▶ Task description
Copy each line of the data below with the word "tight".
*** Begin section ***
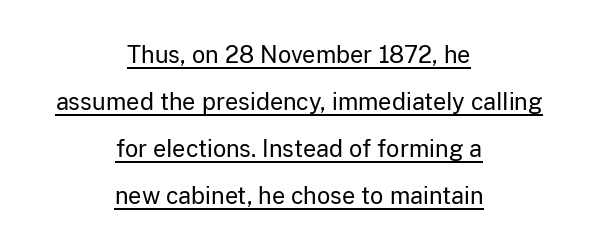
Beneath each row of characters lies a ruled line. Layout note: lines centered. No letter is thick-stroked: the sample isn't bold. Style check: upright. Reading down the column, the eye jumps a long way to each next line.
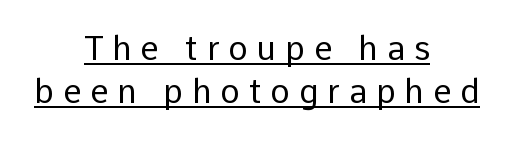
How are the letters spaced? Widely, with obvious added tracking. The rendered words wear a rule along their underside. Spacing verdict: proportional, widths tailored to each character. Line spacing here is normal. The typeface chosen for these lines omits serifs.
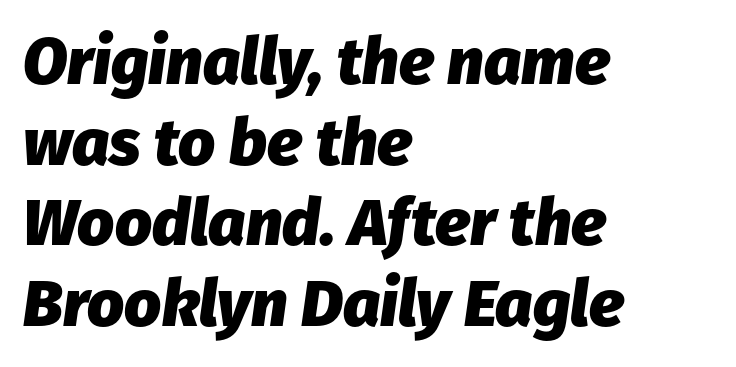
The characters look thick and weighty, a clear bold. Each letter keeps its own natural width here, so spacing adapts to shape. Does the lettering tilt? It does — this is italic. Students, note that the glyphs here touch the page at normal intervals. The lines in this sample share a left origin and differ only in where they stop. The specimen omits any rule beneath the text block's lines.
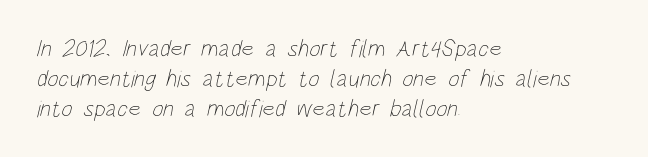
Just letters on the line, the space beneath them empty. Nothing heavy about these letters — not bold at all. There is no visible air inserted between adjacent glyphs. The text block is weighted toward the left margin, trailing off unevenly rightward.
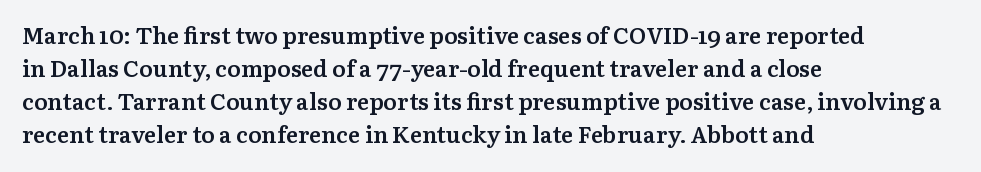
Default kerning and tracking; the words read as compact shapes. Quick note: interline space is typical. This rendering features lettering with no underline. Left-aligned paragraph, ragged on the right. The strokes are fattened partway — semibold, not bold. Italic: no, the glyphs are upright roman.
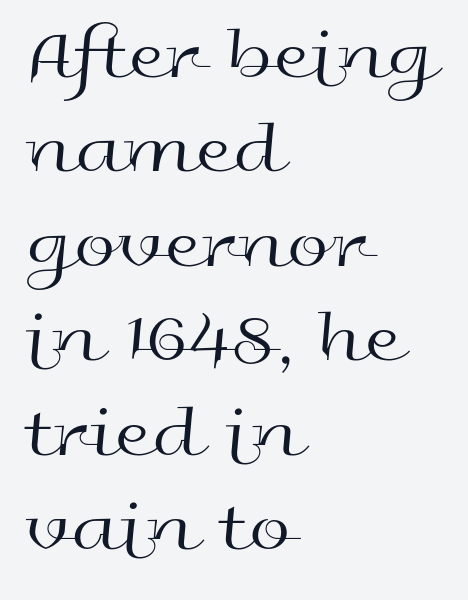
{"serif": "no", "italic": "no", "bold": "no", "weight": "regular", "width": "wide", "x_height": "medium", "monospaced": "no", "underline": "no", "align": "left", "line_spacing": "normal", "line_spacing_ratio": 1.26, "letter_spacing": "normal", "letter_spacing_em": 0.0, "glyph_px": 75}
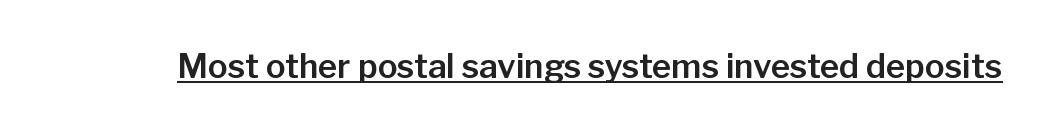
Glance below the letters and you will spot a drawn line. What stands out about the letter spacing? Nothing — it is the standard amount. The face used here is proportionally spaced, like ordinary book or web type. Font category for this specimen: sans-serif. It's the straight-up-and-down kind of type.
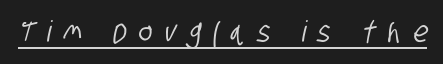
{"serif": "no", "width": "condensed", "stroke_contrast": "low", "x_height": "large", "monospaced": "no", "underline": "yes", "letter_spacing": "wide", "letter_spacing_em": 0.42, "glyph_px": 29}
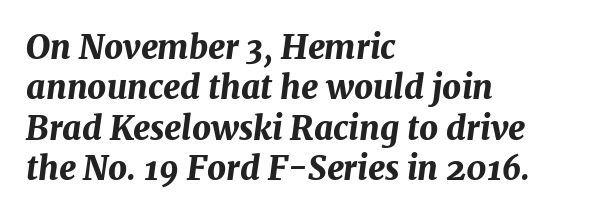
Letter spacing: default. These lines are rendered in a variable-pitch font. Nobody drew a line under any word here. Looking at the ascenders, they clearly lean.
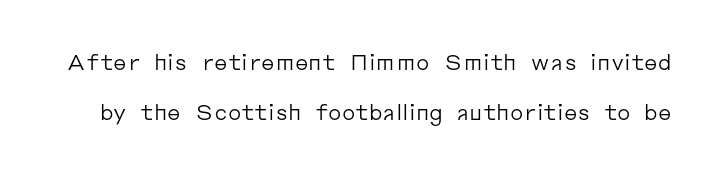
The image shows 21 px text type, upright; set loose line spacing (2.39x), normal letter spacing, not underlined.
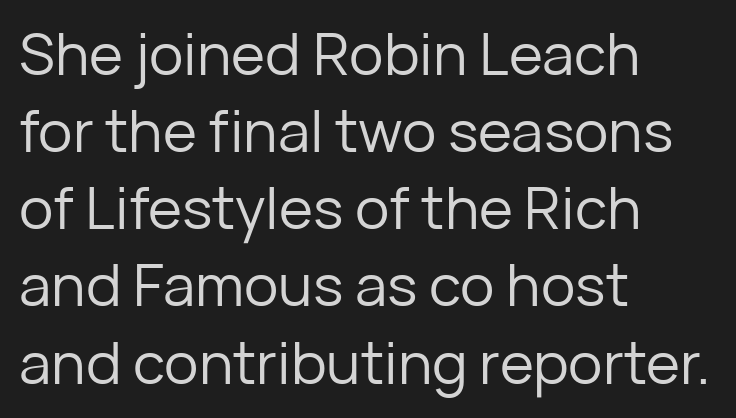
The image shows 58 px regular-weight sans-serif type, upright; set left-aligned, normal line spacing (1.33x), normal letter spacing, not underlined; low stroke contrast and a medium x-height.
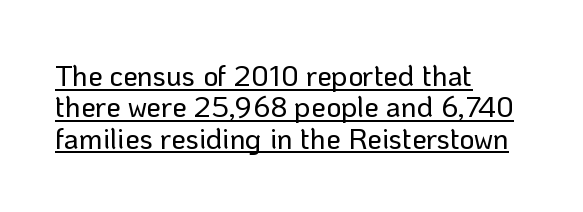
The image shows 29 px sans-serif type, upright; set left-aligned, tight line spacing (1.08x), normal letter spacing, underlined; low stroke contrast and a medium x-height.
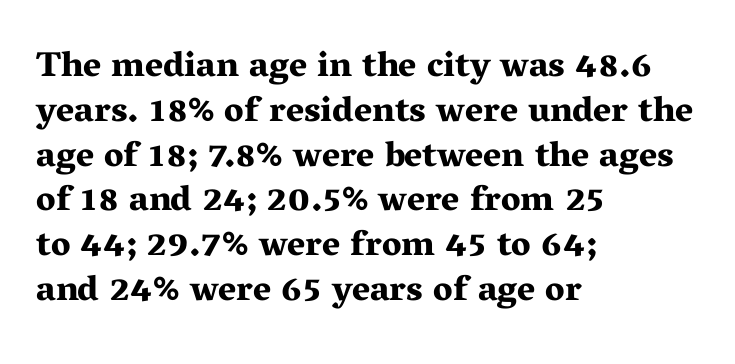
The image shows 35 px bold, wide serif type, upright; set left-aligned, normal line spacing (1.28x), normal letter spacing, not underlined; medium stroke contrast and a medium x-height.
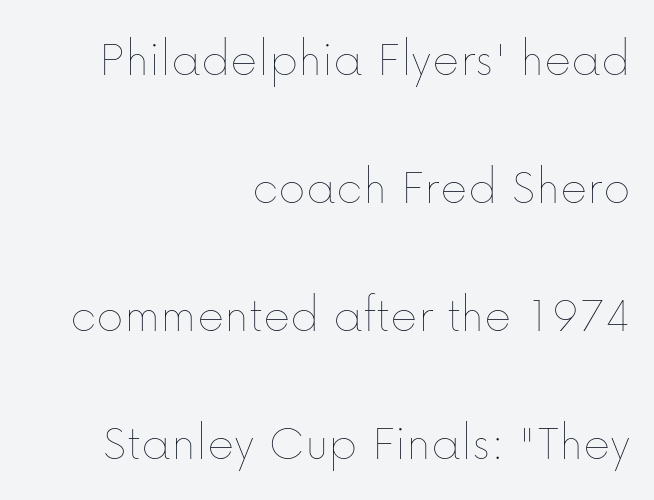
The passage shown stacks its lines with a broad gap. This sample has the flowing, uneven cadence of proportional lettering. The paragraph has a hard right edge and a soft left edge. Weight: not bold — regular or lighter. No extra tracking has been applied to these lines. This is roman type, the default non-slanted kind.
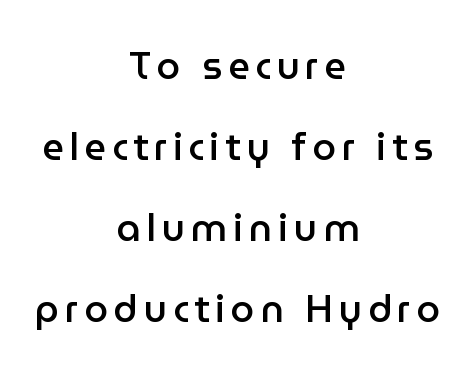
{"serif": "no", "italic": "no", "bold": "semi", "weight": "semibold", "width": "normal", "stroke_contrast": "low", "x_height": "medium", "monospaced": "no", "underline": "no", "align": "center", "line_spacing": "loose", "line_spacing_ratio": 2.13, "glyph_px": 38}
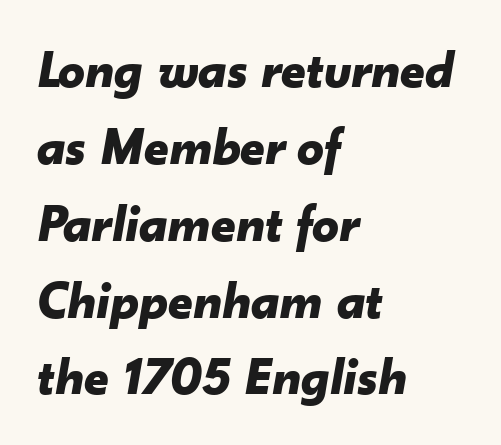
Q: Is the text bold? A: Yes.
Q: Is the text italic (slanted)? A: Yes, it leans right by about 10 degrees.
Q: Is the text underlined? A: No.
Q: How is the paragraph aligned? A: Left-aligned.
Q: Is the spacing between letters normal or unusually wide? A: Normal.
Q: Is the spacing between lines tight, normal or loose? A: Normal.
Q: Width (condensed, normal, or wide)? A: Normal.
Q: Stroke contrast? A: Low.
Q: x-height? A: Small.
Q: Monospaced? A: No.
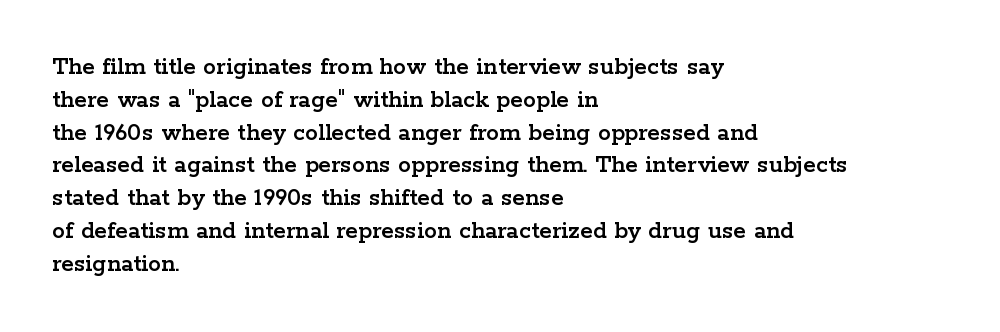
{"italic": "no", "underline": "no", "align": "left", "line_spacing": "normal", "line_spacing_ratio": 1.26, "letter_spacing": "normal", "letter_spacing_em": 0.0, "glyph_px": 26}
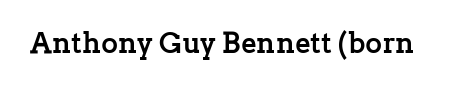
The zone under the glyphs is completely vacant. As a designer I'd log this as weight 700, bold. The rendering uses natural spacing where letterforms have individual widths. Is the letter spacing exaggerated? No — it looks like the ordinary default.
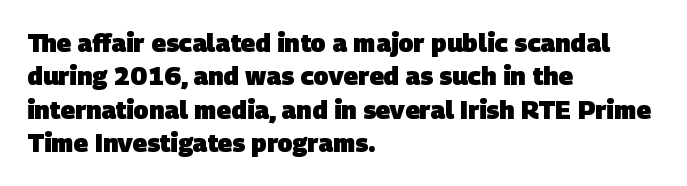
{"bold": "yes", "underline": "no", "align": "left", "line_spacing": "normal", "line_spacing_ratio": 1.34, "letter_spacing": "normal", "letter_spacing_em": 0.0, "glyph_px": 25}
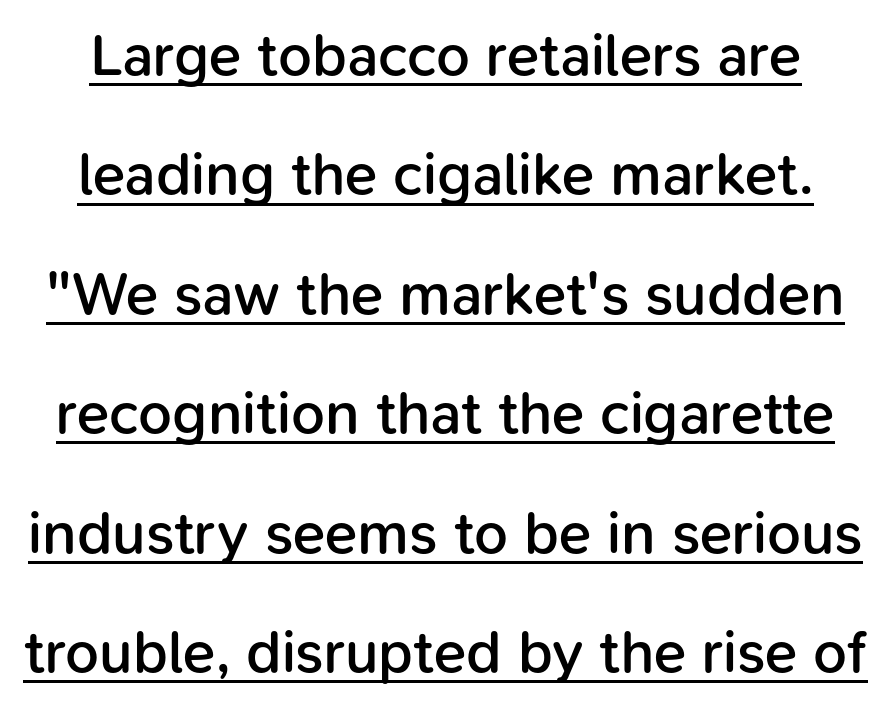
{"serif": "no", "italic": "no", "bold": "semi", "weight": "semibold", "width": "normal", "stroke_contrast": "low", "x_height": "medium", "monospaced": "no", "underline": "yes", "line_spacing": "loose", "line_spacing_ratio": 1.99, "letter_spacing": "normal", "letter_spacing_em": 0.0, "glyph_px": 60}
*** End section ***
▶ Finished task
The image shows 29 px sans-serif type, upright; set left-aligned, tight line spacing (1.08x), normal letter spacing, underlined; low stroke contrast and a medium x-height.
Q: Is the spacing between lines tight, normal or loose? A: Normal.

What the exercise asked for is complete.